What is an efficient, high-quality, and reliable real-time data warehouse? In the field of processing, the trend of real-time data warehouses is becoming more and more agile, including the lightweight processing methods, real-time, and weakening of data tiering; in the field of services, more and more big data teams directly serve the company's online business. , from a cost center to a profit center, to ensure the stability and high efficiency of online business; in the field of architecture, through the integration of analysis services, improve development efficiency and reduce operation and maintenance costs.

In response to trends in various fields, we have made a series of capability innovations.
The traditional Lambda architecture is "complicated", the pain of data warehouse construction
Traditionally, building a reasonable big data real-time data warehouse system is a complex project, basically using the Lambda architecture, with real-time processing layers, offline processing layers, and even some near-real-time processing layers. Data storage will be divided into offline storage and online storage according to different access characteristics, and the online part will be subdivided into the OLAP system and VK system, which respectively provide flexible analysis capabilities and online high-performance queries.

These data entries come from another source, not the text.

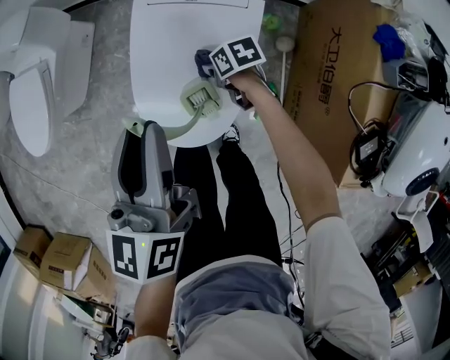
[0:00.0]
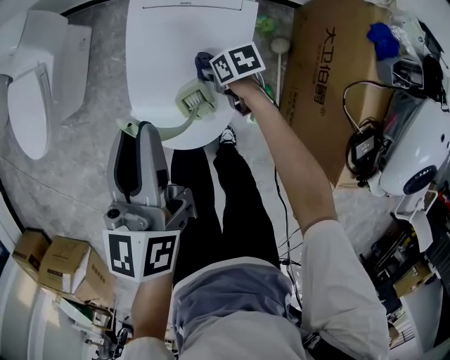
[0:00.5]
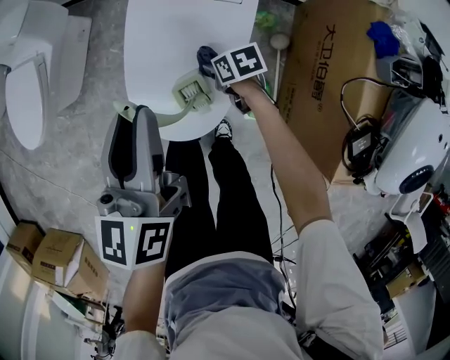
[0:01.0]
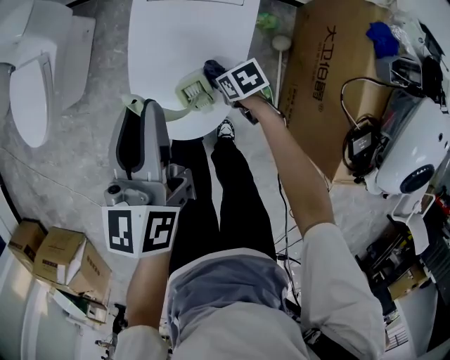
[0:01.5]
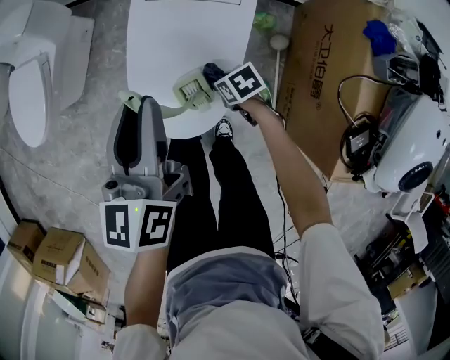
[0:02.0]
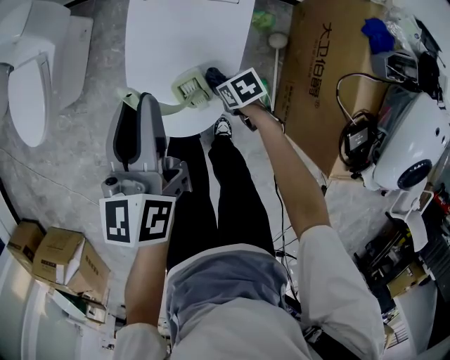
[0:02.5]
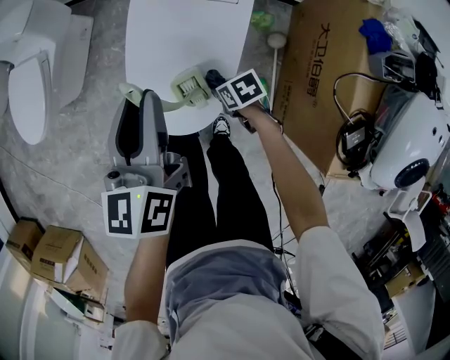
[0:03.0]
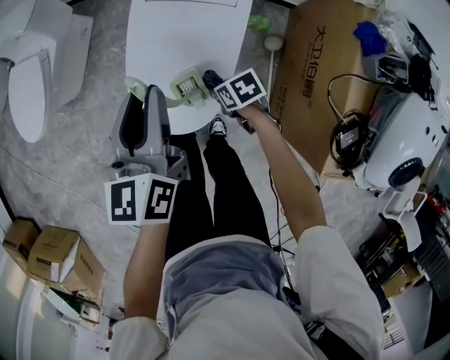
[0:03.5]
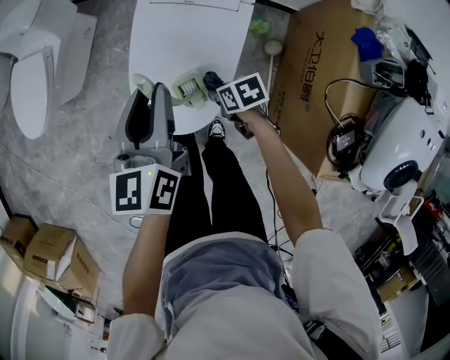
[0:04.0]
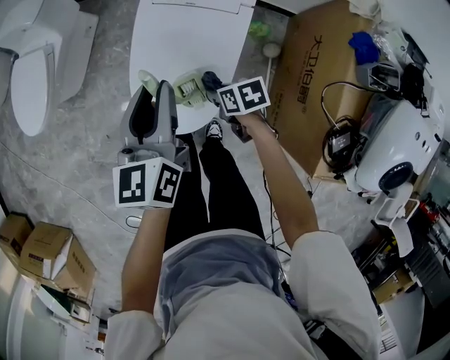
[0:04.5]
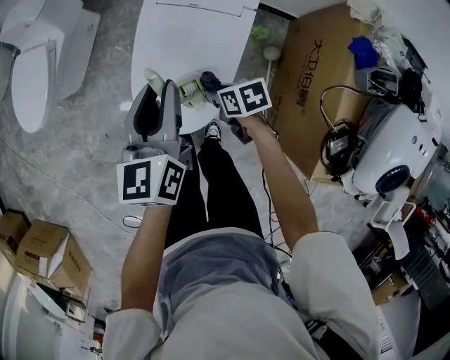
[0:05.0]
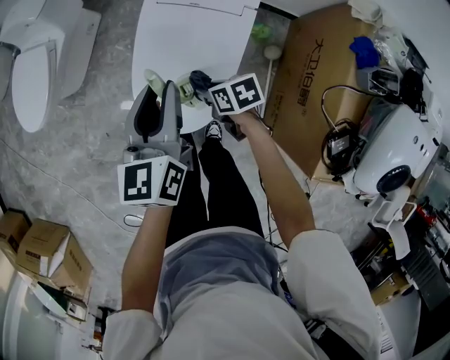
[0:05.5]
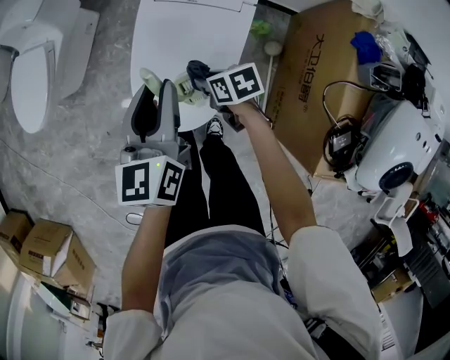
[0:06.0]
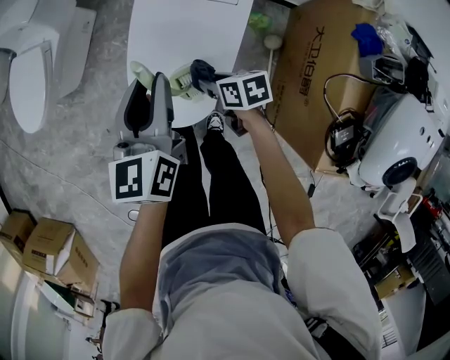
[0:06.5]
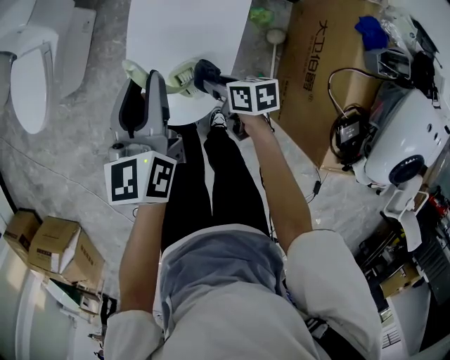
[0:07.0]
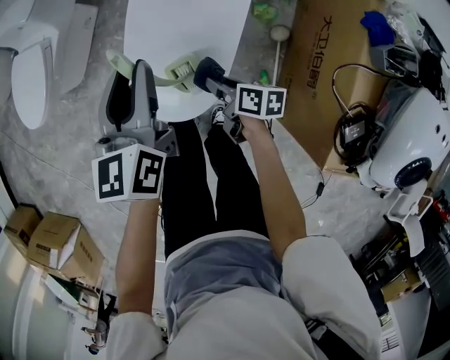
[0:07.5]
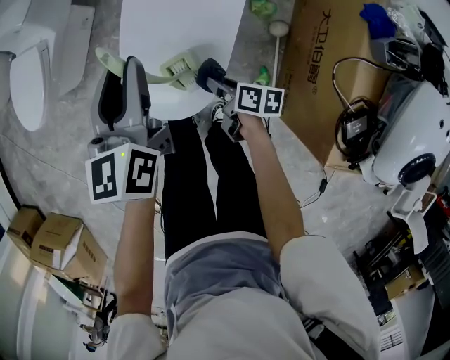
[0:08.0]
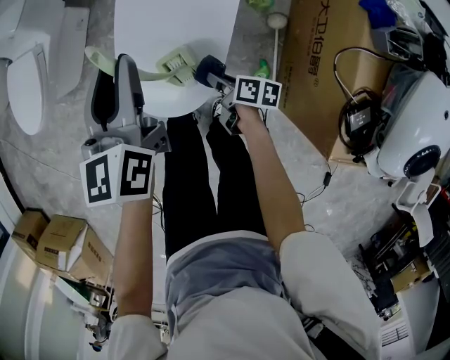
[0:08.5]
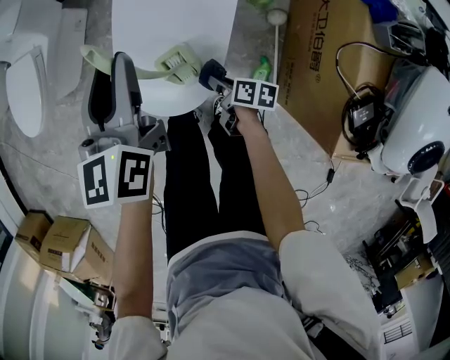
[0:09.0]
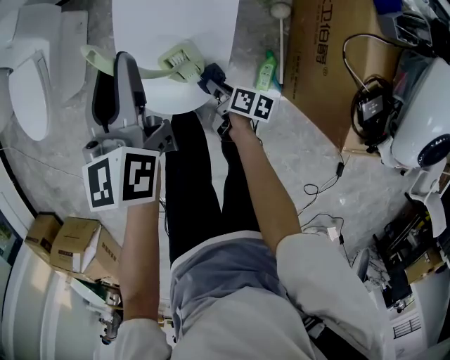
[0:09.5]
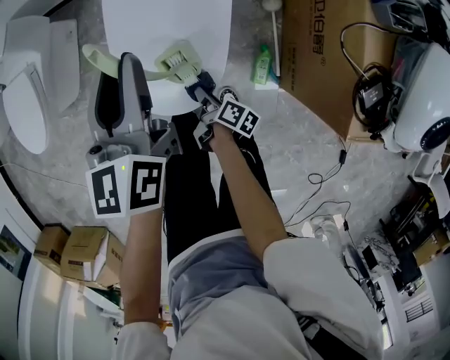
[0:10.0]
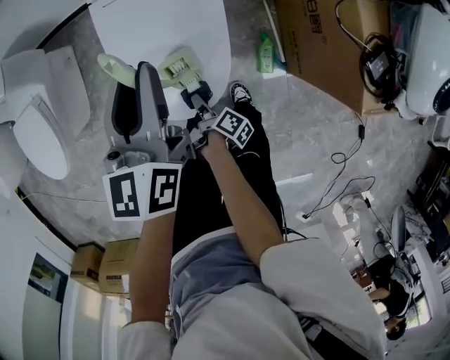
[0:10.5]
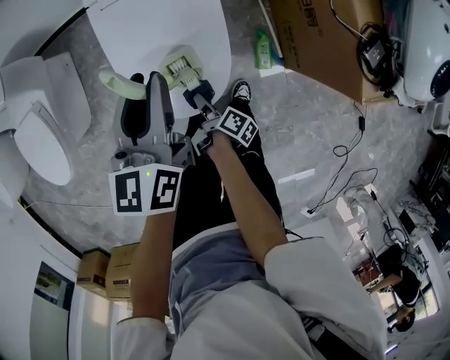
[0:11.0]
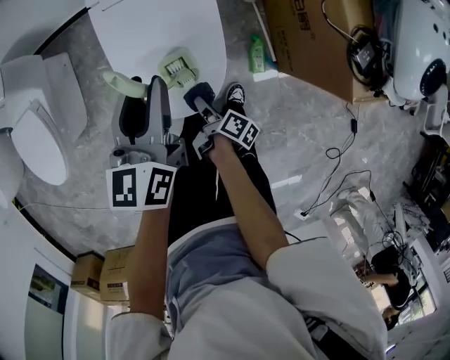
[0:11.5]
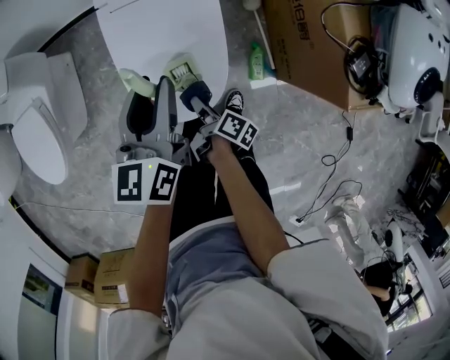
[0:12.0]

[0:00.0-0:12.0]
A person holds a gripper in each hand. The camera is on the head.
0:00.0 to 0:02.0: The right gripper goes roughly 10 cm backward.
0:02.0 to 0:04.0: The right gripper travels upward by approximately 5 cm.
0:04.0 to 0:06.0: The right gripper goes about 5 cm forward.
0:06.0 to 0:08.0: The right gripper goes some 10 cm backward and downward, and swivels some 40 degrees.
0:08.0 to 0:10.0: The right gripper moves to the left, downward and backward, about 10 cm, and rotates about 40 degrees.
0:10.0 to 0:12.0: The left gripper turns by roughly 20 degrees. The right gripper travels upward by about 10 cm.

On the application side, most of the online systems are accessed through API, and most of the analysis systems are accessed through SQL. Different systems are connected to different storage engines.
The above architecture is effective when there are few business changes and high data quality, but the reality is often more complex, business changes will become more and more agile, and the quality of data cannot be guaranteed. Routine adjustments to data structures, data quality corrections, and re-flashing are still frequent and time-consuming tasks.

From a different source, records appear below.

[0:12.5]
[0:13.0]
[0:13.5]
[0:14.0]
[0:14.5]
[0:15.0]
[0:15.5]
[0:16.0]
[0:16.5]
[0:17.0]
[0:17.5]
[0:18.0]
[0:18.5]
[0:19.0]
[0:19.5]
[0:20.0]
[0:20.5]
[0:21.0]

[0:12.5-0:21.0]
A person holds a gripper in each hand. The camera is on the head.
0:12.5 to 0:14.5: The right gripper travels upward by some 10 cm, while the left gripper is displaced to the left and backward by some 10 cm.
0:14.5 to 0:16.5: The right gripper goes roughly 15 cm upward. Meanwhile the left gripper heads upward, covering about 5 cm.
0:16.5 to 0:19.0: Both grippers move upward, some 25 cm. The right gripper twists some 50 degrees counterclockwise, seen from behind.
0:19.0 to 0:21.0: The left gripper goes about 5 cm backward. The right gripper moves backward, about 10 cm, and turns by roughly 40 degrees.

In addition, there are multiple sets of storage in the architecture. Repeated synchronization of data will make business agility impossible. IT engineers need to spend a lot of time on data troubleshooting and correction.

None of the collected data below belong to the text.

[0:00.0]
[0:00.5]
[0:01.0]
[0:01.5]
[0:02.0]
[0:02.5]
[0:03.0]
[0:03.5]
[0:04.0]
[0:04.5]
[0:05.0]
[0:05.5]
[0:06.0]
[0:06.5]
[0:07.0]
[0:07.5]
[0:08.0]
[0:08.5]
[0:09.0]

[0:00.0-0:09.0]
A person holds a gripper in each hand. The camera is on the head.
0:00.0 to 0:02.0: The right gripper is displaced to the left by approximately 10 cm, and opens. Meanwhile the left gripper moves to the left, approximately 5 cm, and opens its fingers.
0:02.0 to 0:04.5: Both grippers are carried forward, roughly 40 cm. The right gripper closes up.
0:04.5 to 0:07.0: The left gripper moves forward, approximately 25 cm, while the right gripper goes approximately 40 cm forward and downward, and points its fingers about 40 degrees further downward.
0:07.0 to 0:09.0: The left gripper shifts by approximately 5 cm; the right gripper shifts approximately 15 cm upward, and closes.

All in all, the silos of the architecture will inevitably lead to difficult data synchronization, high resource consumption, high development costs, and difficulty in recruiting talents.

Data processing agility

There are two core points to solve the agility of processing: one is to simplify state storage and reduce data redundancy so that data development and correction only need to be carried out on one piece of data; the other is to reduce the weight of processing links.

In terms of state storage, Hologres provides good real-time batch write and update capabilities, whether it is a single flexible update, or hundreds of millions of batches of refresh scenarios can be well supported. Therefore, a unified state layer of data can be built based on Hologres to reduce data relocation.

In processing, it is divided into common layer processing and application layer processing. Public layer processing adopts Flink+Hologres The Binlog method realizes the event-driven development of the whole link from ODS to DWD to DWS, and realizes data writing and processing; at the application layer, the management of intermediate tables is reduced by encapsulating business logic, and the excellent distributed query through Hologres Capability to provide the business layer with good analytical flexibility, giving flexibility back from the engineer to the analyst.

Online data service

In the current environment, data has gradually expanded from the original internal decision-making scenarios for 2B to online business scenarios supporting 2C, supporting real-time portraits, real-time personalized recommendations, and real-time risk control. The efficiency improvement of online conversion through data puts forward higher requirements for the efficiency and stability of system execution. It also allows the past analysis system to evolve from a relative edge system to a mission-critical business-critical system, requiring data platforms with higher availability, higher concurrency capabilities, low latency, and low jitter, and support for cloud-native elasticity Expansion capabilities, support for hot upgrades and hot expansion of services, and more complete observability and operation and maintenance capabilities.

In response to the above requirements, Hologres has made a lot of innovations in storage engines, execution engines, and running capabilities.
Online Drive Reliability Design.
On the basis of the original row storage and column storage, it supports the coexistence structure of row and column, so that a table has both OLAP and Key-Value advantages. At the same time, it introduces the ability of shard-level multi-copy and realizes QPS linearity by increasing the number of copies. increase. In addition, by combining the two capabilities of row-column coexistence and shard set multi-copy, a new scenario is supported—the non-primary key check capability, which is widely used in order retrieval scenarios

In addition, the system will inevitably have a lot of requirements for operation and maintenance upgrades. Holograms has introduced hot upgrade capabilities to keep services uninterrupted during the upgrade process and reduce the impact of system operation and maintenance on business. At the same time, through the innovation of metadata physical backup and data file lazy open capabilities, the speed of failure recovery is optimized.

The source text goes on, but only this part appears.